> TASK INSTRUCTIONS
Leave out the pictures and copy everything else in the entries exactly.

> SOURCE RECORDS
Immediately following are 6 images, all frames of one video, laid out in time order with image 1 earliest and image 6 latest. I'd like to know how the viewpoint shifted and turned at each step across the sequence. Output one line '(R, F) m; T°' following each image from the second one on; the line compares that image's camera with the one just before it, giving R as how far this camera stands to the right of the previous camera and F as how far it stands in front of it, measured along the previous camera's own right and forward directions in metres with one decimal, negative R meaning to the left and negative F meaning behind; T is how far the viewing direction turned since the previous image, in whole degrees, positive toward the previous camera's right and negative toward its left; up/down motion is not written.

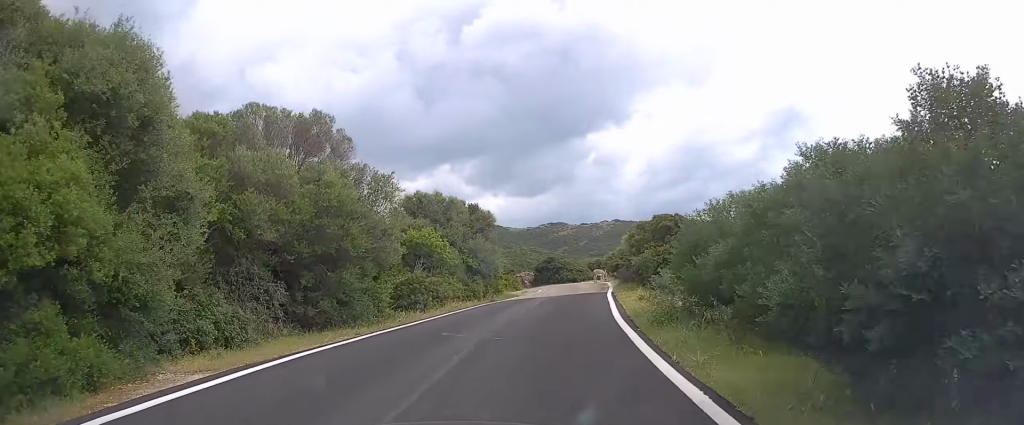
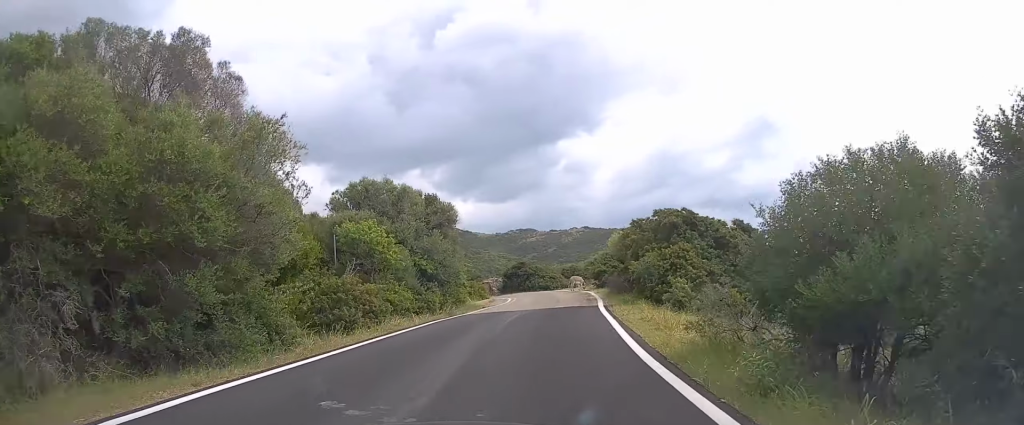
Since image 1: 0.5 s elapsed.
(+0.2, +5.9) m; +2°
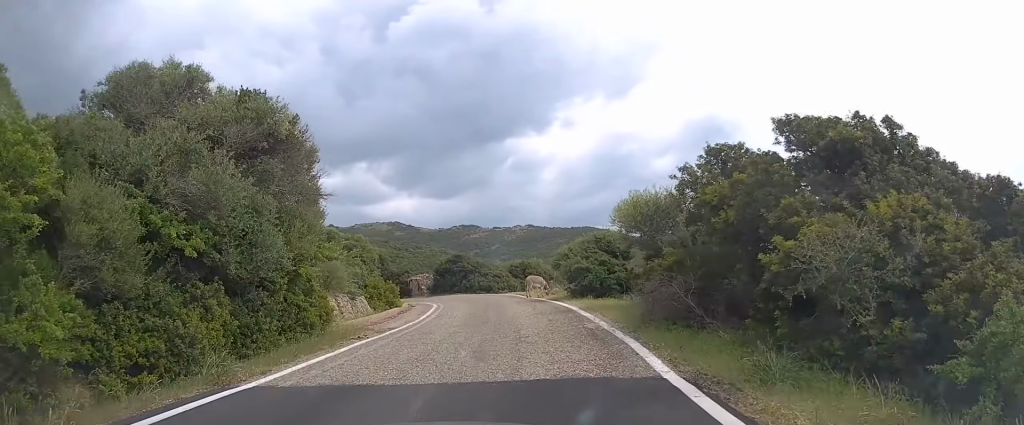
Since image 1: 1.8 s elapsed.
(+0.7, +14.9) m; +5°
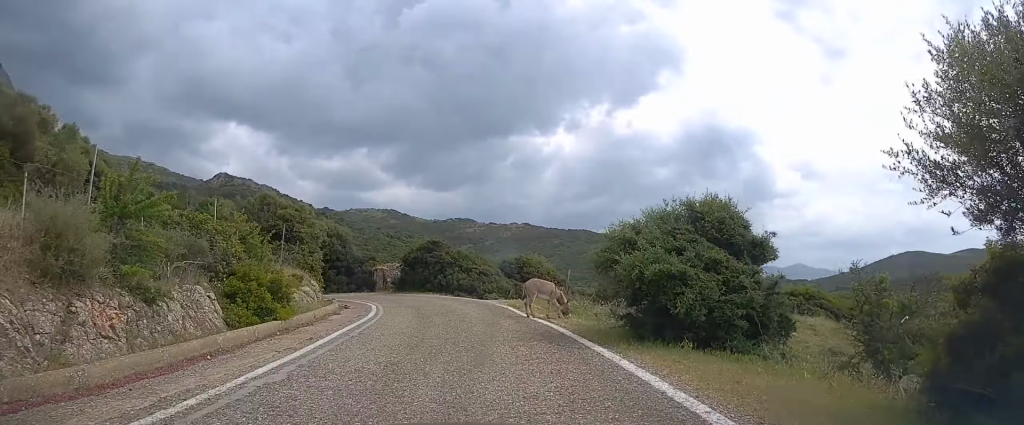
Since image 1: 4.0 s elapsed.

> SOLUTION FOR THIS TASK
Immediately following are 6 images, all frames of one video, laid out in time order with image 1 earliest and image 6 latest. I'd like to know how the viewpoint shifted and turned at each step across the sequence. Output one line '(R, F) m; T°' following each image from the second one on; the line compares that image's camera with the one just before it, giving R as how far this camera stands to the right of the previous camera and F as how far it stands in front of it, measured along the previous camera's own right and forward directions in metres with one decimal, negative R meaning to the left and negative F meaning behind; T is how far the viewing direction turned since the previous image, in whole degrees, positive toward the previous camera's right and negative toward its left; up/down motion is not written.

Since image 1: 0.5 s elapsed.
(+0.2, +5.9) m; +2°
Since image 1: 1.8 s elapsed.
(+0.7, +14.9) m; +5°
Since image 1: 4.0 s elapsed.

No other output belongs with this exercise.